*** Block opens ***

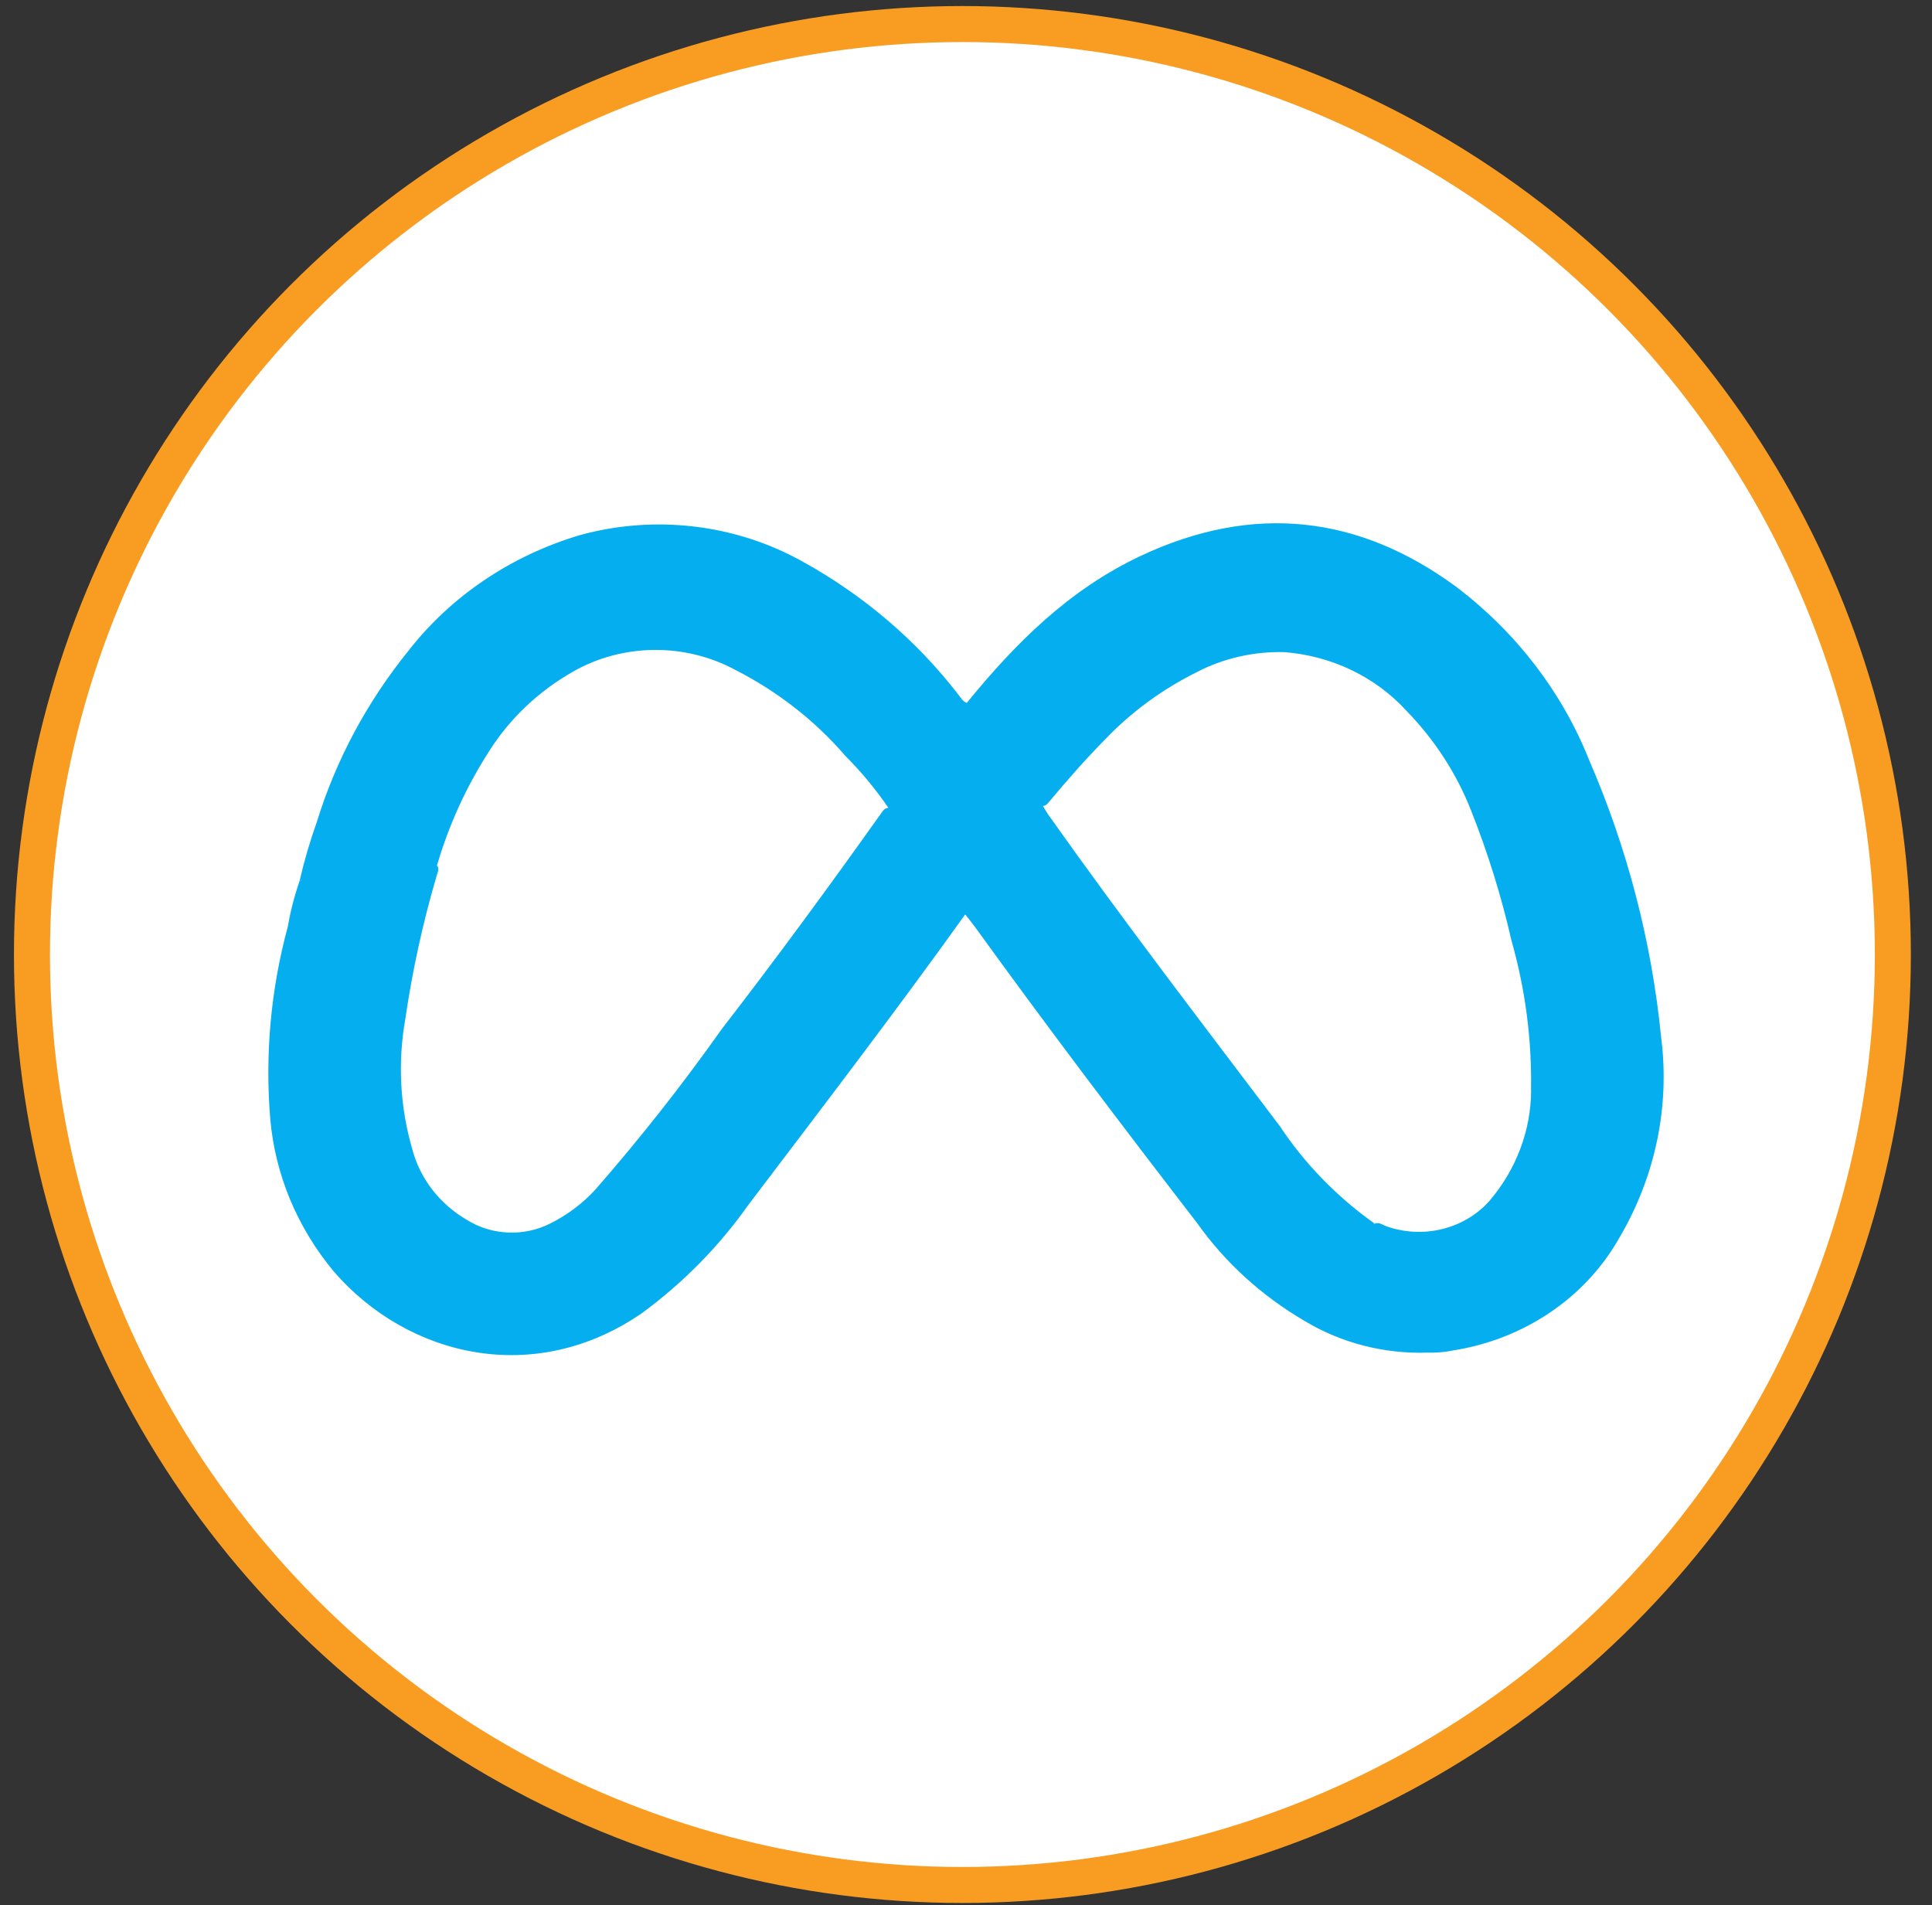 <svg width="72" height="71" viewBox="0 0 72 71" fill="none" xmlns="http://www.w3.org/2000/svg">
<rect x="0" y="0" width="72" height="71" fill="#333333" stroke="none"/>
<circle cx="35.866" cy="35.571" r="34.675" fill="white" stroke="#F89D22" stroke-width="1.342"/>
<path d="M61.902 38.623C61.55 35.081 60.645 31.606 59.217 28.311C58.214 25.795 56.513 23.576 54.289 21.883C50.638 19.188 46.696 18.752 42.521 20.711C39.828 21.975 37.828 23.987 36.028 26.195C35.867 26.134 35.802 25.988 35.703 25.871C34.157 23.868 32.187 22.186 29.915 20.93C28.678 20.238 27.302 19.793 25.873 19.623C24.444 19.453 22.993 19.561 21.611 19.942C19.051 20.703 16.816 22.209 15.23 24.241C13.677 26.158 12.515 28.328 11.804 30.641C11.548 31.36 11.334 32.091 11.164 32.831C10.973 33.385 10.827 33.951 10.727 34.526C10.093 36.865 9.872 39.285 10.071 41.691C10.251 43.773 11.079 45.758 12.454 47.401C15.204 50.565 19.931 51.704 23.945 48.92C25.478 47.788 26.808 46.433 27.885 44.907C30.608 41.315 33.351 37.736 35.97 34.077C36.091 34.232 36.218 34.384 36.334 34.543C39.023 38.265 41.799 41.93 44.608 45.572C45.651 47.046 47.02 48.293 48.621 49.228C49.986 50.05 51.587 50.462 53.209 50.407C53.532 50.417 53.855 50.389 54.17 50.323C55.472 50.116 56.705 49.631 57.775 48.905C58.845 48.18 59.722 47.234 60.34 46.141C61.694 43.852 62.241 41.22 61.902 38.623ZM11.166 32.831C11.198 32.817 11.228 32.797 11.259 32.781C11.234 32.806 11.201 32.823 11.166 32.831ZM32.83 30.319C30.9 33.034 28.927 35.723 26.886 38.365C25.427 40.427 23.858 42.419 22.186 44.333C21.712 44.85 21.139 45.28 20.495 45.6C20.015 45.841 19.473 45.956 18.928 45.931C18.383 45.907 17.856 45.745 17.401 45.462C16.391 44.872 15.664 43.938 15.373 42.855C14.907 41.268 14.816 39.605 15.104 37.982C15.368 36.173 15.759 34.382 16.277 32.622C16.311 32.502 16.386 32.377 16.285 32.252C16.726 30.739 17.389 29.29 18.257 27.949C19.02 26.757 20.08 25.756 21.347 25.033C22.258 24.512 23.302 24.231 24.369 24.22C25.436 24.209 26.487 24.468 27.41 24.969C28.985 25.772 30.375 26.859 31.501 28.166C32.099 28.766 32.638 29.415 33.109 30.107C32.959 30.107 32.898 30.226 32.83 30.319ZM57.061 40.631C57.054 42.124 56.51 43.572 55.517 44.741C55.058 45.264 54.432 45.637 53.732 45.806C53.031 45.975 52.291 45.931 51.619 45.681C51.5 45.626 51.379 45.54 51.229 45.602C51.219 45.6 51.209 45.6 51.199 45.602L51.205 45.582C49.807 44.585 48.616 43.357 47.69 41.959C44.779 38.107 41.838 34.277 39.055 30.344C38.986 30.246 38.931 30.14 38.869 30.037C38.986 30.025 39.045 29.941 39.109 29.866C39.777 29.066 40.466 28.283 41.202 27.536C42.167 26.53 43.312 25.69 44.586 25.055C45.59 24.53 46.727 24.27 47.876 24.303C49.635 24.444 51.264 25.228 52.41 26.485C53.464 27.566 54.283 28.829 54.822 30.203C55.449 31.783 55.953 33.405 56.329 35.054C56.846 36.873 57.091 38.751 57.056 40.633" fill="#05AFEF"/>
</svg>

*** Block closes ***

* WHAT IS EXPECTED *
Could you give all the records again, exactly, minus the pictures?

* RESPONSE AREA *
 <svg width="72" height="71" viewBox="0 0 72 71" fill="none" xmlns="http://www.w3.org/2000/svg">
<rect x="0" y="0" width="72" height="71" fill="#333333" stroke="none"/>
<circle cx="35.866" cy="35.571" r="34.675" fill="white" stroke="#F89D22" stroke-width="1.342"/>
<path d="M61.902 38.623C61.55 35.081 60.645 31.606 59.217 28.311C58.214 25.795 56.513 23.576 54.289 21.883C50.638 19.188 46.696 18.752 42.521 20.711C39.828 21.975 37.828 23.987 36.028 26.195C35.867 26.134 35.802 25.988 35.703 25.871C34.157 23.868 32.187 22.186 29.915 20.93C28.678 20.238 27.302 19.793 25.873 19.623C24.444 19.453 22.993 19.561 21.611 19.942C19.051 20.703 16.816 22.209 15.23 24.241C13.677 26.158 12.515 28.328 11.804 30.641C11.548 31.36 11.334 32.091 11.164 32.831C10.973 33.385 10.827 33.951 10.727 34.526C10.093 36.865 9.872 39.285 10.071 41.691C10.251 43.773 11.079 45.758 12.454 47.401C15.204 50.565 19.931 51.704 23.945 48.92C25.478 47.788 26.808 46.433 27.885 44.907C30.608 41.315 33.351 37.736 35.97 34.077C36.091 34.232 36.218 34.384 36.334 34.543C39.023 38.265 41.799 41.93 44.608 45.572C45.651 47.046 47.02 48.293 48.621 49.228C49.986 50.05 51.587 50.462 53.209 50.407C53.532 50.417 53.855 50.389 54.17 50.323C55.472 50.116 56.705 49.631 57.775 48.905C58.845 48.18 59.722 47.234 60.34 46.141C61.694 43.852 62.241 41.22 61.902 38.623ZM11.166 32.831C11.198 32.817 11.228 32.797 11.259 32.781C11.234 32.806 11.201 32.823 11.166 32.831ZM32.83 30.319C30.9 33.034 28.927 35.723 26.886 38.365C25.427 40.427 23.858 42.419 22.186 44.333C21.712 44.85 21.139 45.28 20.495 45.6C20.015 45.841 19.473 45.956 18.928 45.931C18.383 45.907 17.856 45.745 17.401 45.462C16.391 44.872 15.664 43.938 15.373 42.855C14.907 41.268 14.816 39.605 15.104 37.982C15.368 36.173 15.759 34.382 16.277 32.622C16.311 32.502 16.386 32.377 16.285 32.252C16.726 30.739 17.389 29.29 18.257 27.949C19.02 26.757 20.08 25.756 21.347 25.033C22.258 24.512 23.302 24.231 24.369 24.22C25.436 24.209 26.487 24.468 27.41 24.969C28.985 25.772 30.375 26.859 31.501 28.166C32.099 28.766 32.638 29.415 33.109 30.107C32.959 30.107 32.898 30.226 32.83 30.319ZM57.061 40.631C57.054 42.124 56.51 43.572 55.517 44.741C55.058 45.264 54.432 45.637 53.732 45.806C53.031 45.975 52.291 45.931 51.619 45.681C51.5 45.626 51.379 45.54 51.229 45.602C51.219 45.6 51.209 45.6 51.199 45.602L51.205 45.582C49.807 44.585 48.616 43.357 47.69 41.959C44.779 38.107 41.838 34.277 39.055 30.344C38.986 30.246 38.931 30.14 38.869 30.037C38.986 30.025 39.045 29.941 39.109 29.866C39.777 29.066 40.466 28.283 41.202 27.536C42.167 26.53 43.312 25.69 44.586 25.055C45.59 24.53 46.727 24.27 47.876 24.303C49.635 24.444 51.264 25.228 52.41 26.485C53.464 27.566 54.283 28.829 54.822 30.203C55.449 31.783 55.953 33.405 56.329 35.054C56.846 36.873 57.091 38.751 57.056 40.633" fill="#05AFEF"/>
</svg>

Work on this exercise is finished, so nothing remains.